Coverage Extensions to Enhance D&O Policies

While standard directors and officers (D&O) policies are designed to protect a wide array of risks, they have their limits. Coverage extensions are used to address these limits, fill gaps and provide organizations with additional protections outside the scope of traditional D&O agreements.

Coverage extensions solve a wide range of problems and can be continually improved to address the changing landscape of D&O liability. This Coverage Insights details a number of D&O extensions you should consider.

Advancement of Defence Costs

One extension that can prove invaluable in the event of a claim is the advancement of defence costs extension. In essence, this extension requires the insurer to forward defence costs to policyholders throughout a defined period of time.

Without this extension, an organization or its executives may be required to fund their own defence costs until an insurer can assess the claim and reimburse them. This is typically a time-consuming process and can take months or even years.

This extension is particularly important, as legal costs can get expensive, and most organizations lack the upfront resources to pay for such services. It should be noted that, if it is determined that a claim is not covered, the policyholder would be required to repay any defence cost advancements.

Retired Directors and Officers

Under many D&O policies, in order for an incident to be covered, organizations must have an active policy when a claim arises. Because some claims may take years to arise, a company’s retired executives can be left unexpectedly exposed. To make matters worse, retired directors and officers typically have no control over an organization’s insurance once they have left the organization. Accordingly, they cannot ensure their former organization will purchase the proper D&O insurance.

To remedy this issue, policyholders can protect their former directors and officers by including an extended reporting period in their D&O coverage. An extended reporting period allows organizations or retired executives to report a claim to the insurer even if the organization no longer carries an active policy.

Outside Directorship

In some cases, directors and officers serve on boards of outside organizations.

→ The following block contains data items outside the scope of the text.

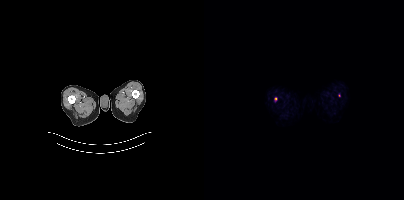
{"pet_grid":[200,200],"coord_frame":"pet_panel","coord_format":"x0,y0,x1,y1","lesion_bboxes":[],"small_foci_centers":[[71,98],[135,95]],"modality":"PSMA PET/CT","view":"axial","tracer":"[18F]PSMA-1007"}
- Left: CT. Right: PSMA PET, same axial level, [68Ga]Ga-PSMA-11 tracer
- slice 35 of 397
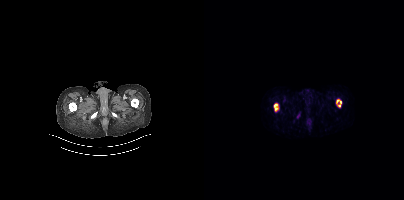
Findings: No PSMA-avid tumor lesions on this slice.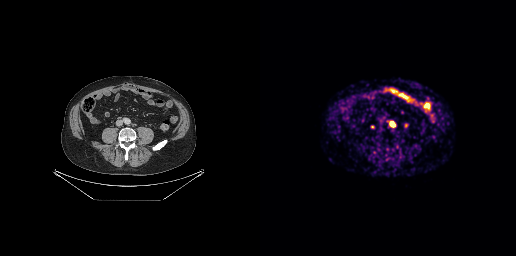
Findings: Coordinates are on the 256×256 PET (right) panel. PSMA-avid tumor lesion bounding box (x, y, width, height): x=130 y=121 w=6 h=7.
Technique: Two-panel axial: CT | PSMA PET, [68Ga]Ga-PSMA-11 tracer. acquired on GE Discovery 690. slice 120 of 299.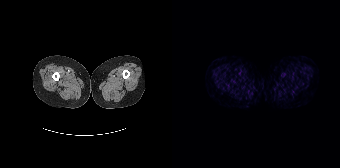
Findings: Negative for PSMA-avid disease on this slice.
Technique: Left: CT. Right: PSMA PET, same axial level, [68Ga]Ga-PSMA-11 tracer. slice 22 of 195. PET panel 168×168 px (4.1 mm/px).
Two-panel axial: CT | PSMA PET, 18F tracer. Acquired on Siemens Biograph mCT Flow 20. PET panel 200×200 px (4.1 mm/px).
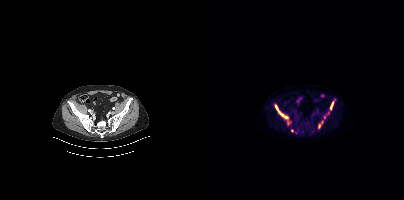
Coordinates are on the 200×200 PET (right) panel. PSMA-avid tumor lesion bounding boxes (partial; 3 more foci not listed):
| # | x0 | y0 | x1 | y1 |
|---|---|---|---|---|
| 1 | 71 | 104 | 84 | 118 |
| 2 | 126 | 101 | 129 | 109 |
| 3 | 114 | 124 | 116 | 128 |
Small PSMA-avid foci (2 to 4 px across) near (center x, center y): (88, 130); (124, 112); (84, 122); (91, 132).
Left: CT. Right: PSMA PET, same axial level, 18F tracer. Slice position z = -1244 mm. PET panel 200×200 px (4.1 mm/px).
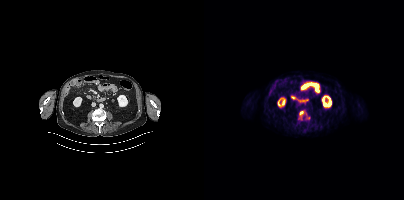
Coordinates are on the 200×200 PET (right) panel. Small PSMA-avid focus (2 to 4 px across) near (center x, center y): (97, 112).
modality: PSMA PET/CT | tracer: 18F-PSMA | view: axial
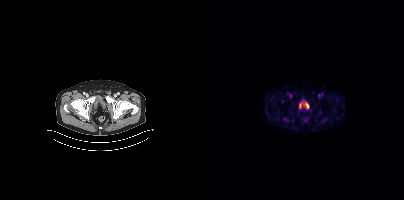
Coordinates are on the 200×200 PET (right) panel. PSMA-avid tumor lesion bounding boxes (x, y, width, height): x=79 y=117 w=6 h=5 / x=118 y=118 w=5 h=5. Small PSMA-avid focus (2 to 4 px across) near (center x, center y): (78, 101).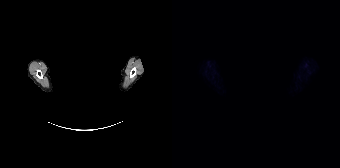
{"pet_grid":[168,168],"coord_frame":"pet_panel","coord_format":"x0,y0,x1,y1","psma_avid_lesions":false,"modality":"PSMA PET/CT","view":"axial","tracer":"[18F]PSMA-1007","de-identification":"privacy mask over head"}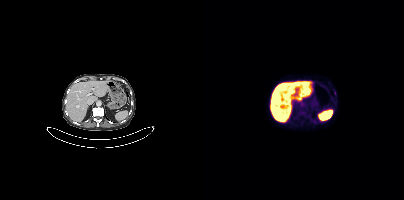
modality: PSMA PET/CT | tracer: [18F]PSMA-1007 | view: axial
No tumor lesions annotated on this slice.
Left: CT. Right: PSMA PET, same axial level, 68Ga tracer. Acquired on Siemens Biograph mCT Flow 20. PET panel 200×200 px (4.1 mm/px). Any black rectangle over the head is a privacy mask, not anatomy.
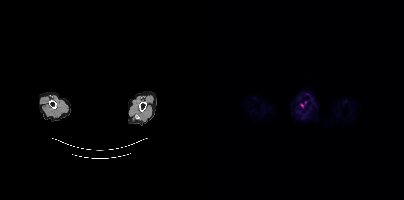
Coordinates are on the 200×200 PET (right) panel. Small PSMA-avid focus (2 to 4 px across) near (center x, center y): (97, 105).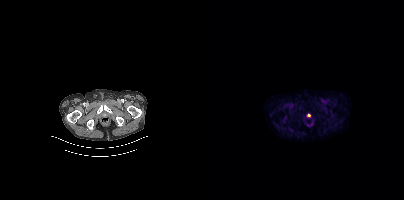
Two-panel axial: CT | PSMA PET, 18F-PSMA tracer. PET panel 200×200 px (4.1 mm/px). Coordinates are on the 200×200 PET (right) panel. Small PSMA-avid focus (2 to 4 px across) near (center x, center y): (105, 115).
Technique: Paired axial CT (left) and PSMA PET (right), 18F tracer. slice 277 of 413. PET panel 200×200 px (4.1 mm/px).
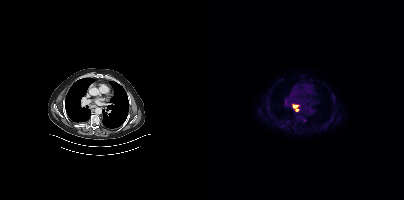
Findings: Coordinates are on the 200×200 PET (right) panel. (showing 1 of 2 foci) PSMA-avid tumor lesion bounding box (x0,y0,x1,y1): [88,104,95,111].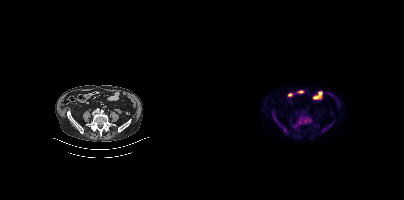
{"modality":"PSMA PET/CT","view":"axial","tracer":"18F","pet_grid":[200,200],"coord_frame":"pet_panel","coord_format":"x0,y0,x1,y1","lesion_bboxes":[[96,115,105,124],[70,119,82,132]]}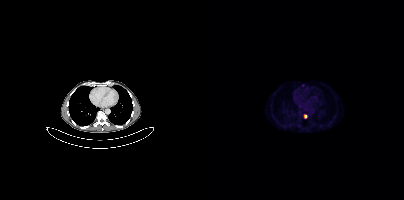
Findings: Coordinates are on the 200×200 PET (right) panel. PSMA-avid tumor lesion bounding box (x0,y0,x1,y1): [100,114,102,118].
Technique: Left: CT. Right: PSMA PET, same axial level, 68Ga tracer. slice 248 of 409. PET panel 200×200 px (4.1 mm/px).
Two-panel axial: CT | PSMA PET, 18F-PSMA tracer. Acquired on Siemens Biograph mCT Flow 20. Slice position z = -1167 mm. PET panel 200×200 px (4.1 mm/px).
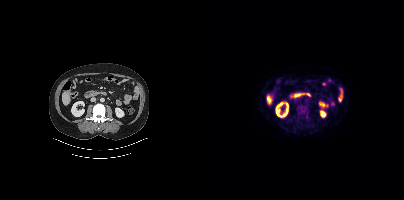
Coordinates are on the 200×200 PET (right) panel. PSMA-avid tumor lesion bounding box (x0,y0,x1,y1): [93,103,104,119]. Small PSMA-avid foci (2 to 4 px across) near (center x, center y): (97, 123) (93, 120).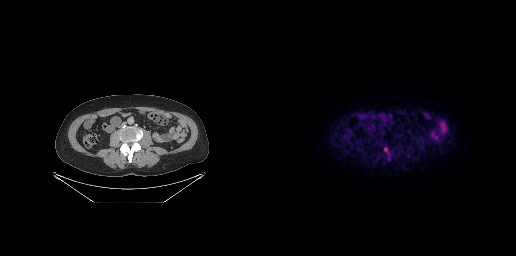
Findings: Coordinates are on the 256×256 PET (right) panel. Small PSMA-avid focus (2 to 4 px across) near (center x, center y): (125, 149).
- Left: CT. Right: PSMA PET, same axial level, 18F-PSMA tracer
- acquired on GE Discovery 690
- PET panel 256×256 px (2.7 mm/px)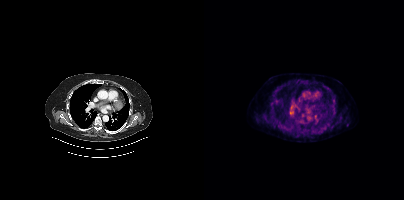
Left: CT. Right: PSMA PET, same axial level, [18F]PSMA-1007 tracer. PET panel 200×200 px (4.1 mm/px). No tumor lesions annotated on this slice.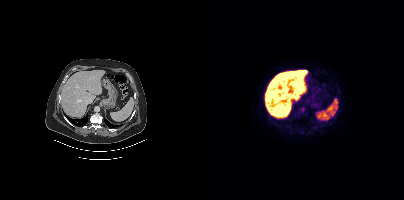
- Two-panel axial: CT | PSMA PET, 18F-PSMA tracer
- acquired on Siemens Biograph mCT Flow 20
- slice 250 of 435
- PET panel 200×200 px (4.1 mm/px)
Findings: Negative for PSMA-avid disease on this slice.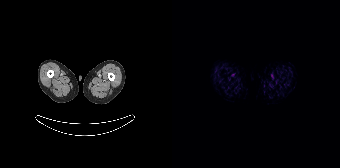
This slice has no annotated PSMA-avid lesion.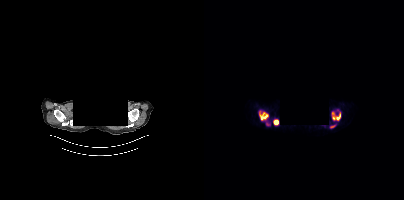
{"pet_grid":[200,200],"coord_frame":"pet_panel","coord_format":"x0,y0,x1,y1","lesion_bboxes":[[128,109,136,120],[55,110,64,120],[62,121,67,125],[70,120,74,124],[126,125,131,128]],"modality":"PSMA PET/CT","view":"axial","tracer":"68Ga-PSMA","de-identification":"head region blanked (face removed)"}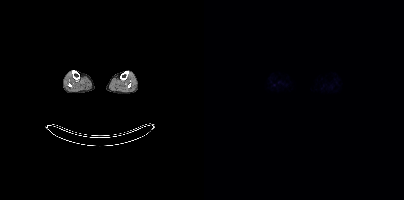
Technique: Two-panel axial: CT | PSMA PET, 18F tracer. acquired on Siemens Biograph mCT Flow 20. slice 216 of 963.
Findings: No PSMA-avid tumor lesions on this slice.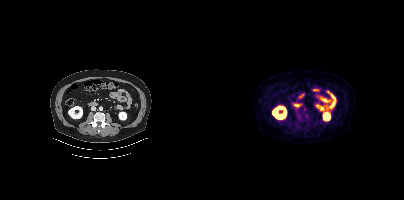
Findings: Negative for PSMA-avid disease on this slice.
- Two-panel axial: CT | PSMA PET, 18F-PSMA tracer
- acquired on Siemens Biograph mCT Flow 20
- PET panel 200×200 px (4.1 mm/px)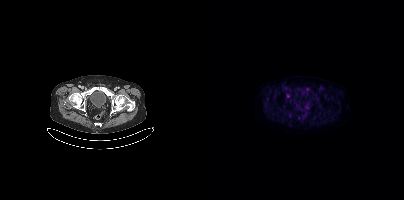
Technique: Paired axial CT (left) and PSMA PET (right), 18F-PSMA tracer. PET panel 200×200 px (4.1 mm/px).
Findings: Negative for PSMA-avid disease on this slice.
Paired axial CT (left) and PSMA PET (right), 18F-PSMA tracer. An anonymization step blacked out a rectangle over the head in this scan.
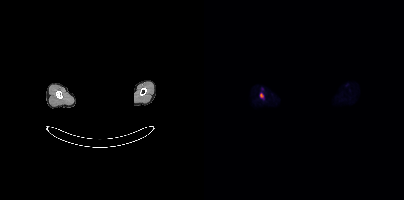
Coordinates are on the 200×200 PET (right) panel. PSMA-avid tumor lesion bounding box (x, y, width, height): x=55 y=92 w=5 h=8.

This often occurs when an executive takes a leadership position for an external non-profit.

Standard D&O policies may not offer sufficient enough protection in these instances, and outside directorship coverage may be needed. This extension is particularly useful, as it ensures that executives will be covered in the event that their non-profit’s insurance is insufficient or completely exhausted.

New Subsidiaries

When an organization purchases a new subsidiary, it is possible that the executives of these acquired operations could be open to D&O exposures.

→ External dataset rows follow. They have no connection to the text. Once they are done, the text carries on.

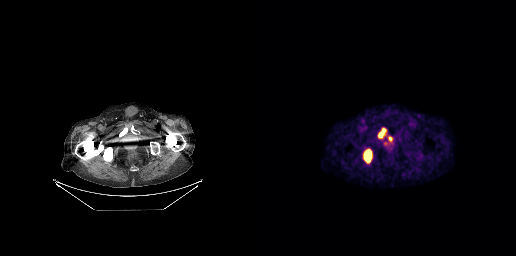
{"modality":"PSMA PET/CT","view":"axial","tracer":"[18F]PSMA-1007","pet_grid":[256,256],"coord_frame":"pet_panel","coord_format":"x0,y0,x1,y1","lesion_bboxes":[[104,149,111,162],[118,128,125,137]]}
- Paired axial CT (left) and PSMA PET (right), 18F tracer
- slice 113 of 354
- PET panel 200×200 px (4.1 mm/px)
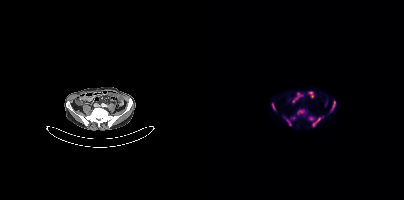
Findings: Coordinates are on the 200×200 PET (right) panel. PSMA-avid tumor lesion bounding boxes (x0,y0,x1,y1): [126,100,131,111], [79,116,87,125], [108,118,116,126], [93,110,100,114], [68,103,72,111], [87,116,91,119], [105,117,109,120].
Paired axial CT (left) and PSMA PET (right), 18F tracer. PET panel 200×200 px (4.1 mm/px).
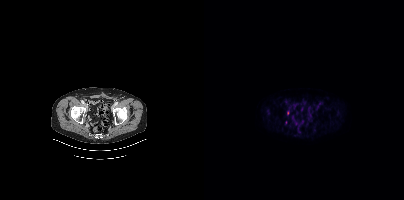
Only PSMA-avid lesion pieces thinner than 2 px on this slice (not listed).
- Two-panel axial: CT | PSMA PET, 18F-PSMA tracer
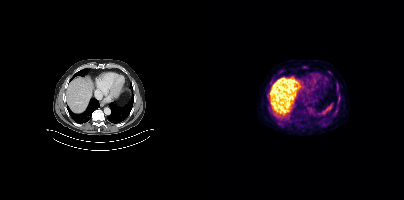
Findings: Coordinates are on the 200×200 PET (right) panel. PSMA-avid tumor lesion bounding box (x0,y0,x1,y1): [134,95,136,99]. Small PSMA-avid foci (2 to 4 px across) near (center x, center y): (125, 72); (100, 67).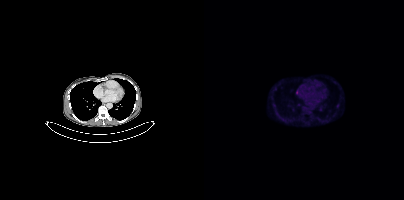
modality: PSMA PET/CT | tracer: 18F-PSMA | view: axial | PET grid: 200×200
Coordinates are on the 200×200 PET (right) panel. PSMA-avid tumor lesion bounding box (x, y, width, height): x=92 y=90 w=3 h=5. Small PSMA-avid focus (2 to 4 px across) near (center x, center y): (133, 106).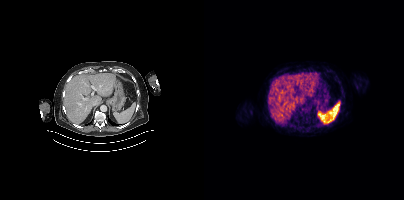
Findings: No tumor lesions annotated on this slice.
- Two-panel axial: CT | PSMA PET, [68Ga]Ga-PSMA-11 tracer
- slice position z = -1138 mm
- PET panel 200×200 px (4.1 mm/px)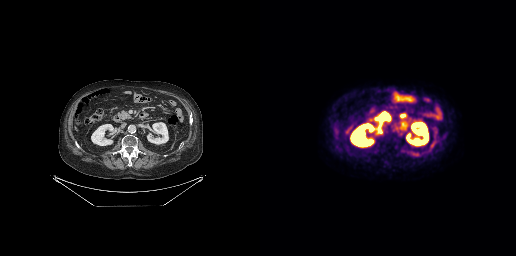
This slice has no annotated PSMA-avid lesion.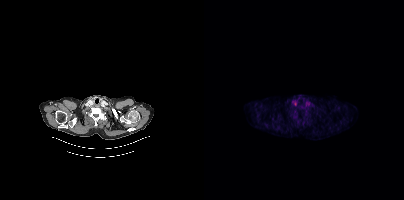
Negative for PSMA-avid disease on this slice.
modality: PSMA PET/CT | tracer: 18F | view: axial | PET grid: 200×200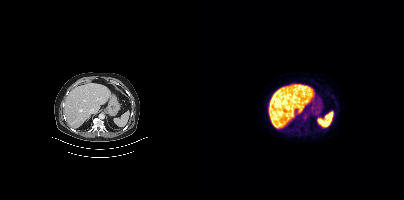
{"modality":"PSMA PET/CT","view":"axial","tracer":"18F-PSMA","pet_grid":[200,200],"coord_frame":"pet_panel","coord_format":"x0,y0,x1,y1","psma_avid_lesions":false}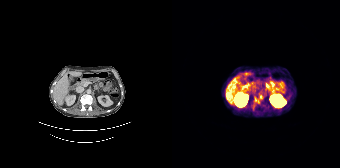
Left: CT. Right: PSMA PET, same axial level, 68Ga-PSMA tracer. Acquired on Siemens Biograph 64-4R TruePoint. PET panel 168×168 px (4.1 mm/px). Coordinates are on the 168×168 PET (right) panel. PSMA-avid tumor lesion bounding box (x, y, width, height): x=83 y=97 w=5 h=7. Small PSMA-avid focus (2 to 4 px across) near (center x, center y): (89, 96).

The new subsidiaries extension is meant to address this concern, automatically covering any new subsidiaries and providing them with the same protection as the parent organization.

It should be noted that coverage only applies to claims that arise following the date of an acquisition. Automatic coverage may also be subject to the size of the acquired entity, and an endorsement may be required.

Spouses, Heirs and Legal Representatives

To protect themselves in the event of a claim, some executives transfer ownership of their assets to a third party. This often includes husbands, wives or guardians.

While this might be a sound legal strategy, it can also leave these third parties open to claims. The spouses, heirs and representatives extension is designed to protect third parties and the executive’s assets.

While this extension protects a third party from the actions of an executive, it does not protect them from the consequences of their own activities.

Other Common Extensions

In addition to the extensions above, there are a number of less common, but important, extensions to be aware of. The following are just some examples:

  • Civil or bail bonds. This extension can help cover the cost of civil or bail bonds, allowing a director or officer to be released from custody.
  • Public relations expenses. Following a D&O claim, companies may have to rebuild or protect their reputation. A public relations expenses extension covers the cost of engaging a public relations firm to improve public opinion.
  • Deprivation of assets. This extension gives executives funds for housing, utilities and personal insurance services. This coverage is especially useful if an executive’s funds are frozen.
  • Extradition costs. This extension covers the defence costs associated with opposing an extradition proceeding, including any bail process and subsequent trial.
  • Joint ventures. This extension provides coverage for claims arising from joint venture operations.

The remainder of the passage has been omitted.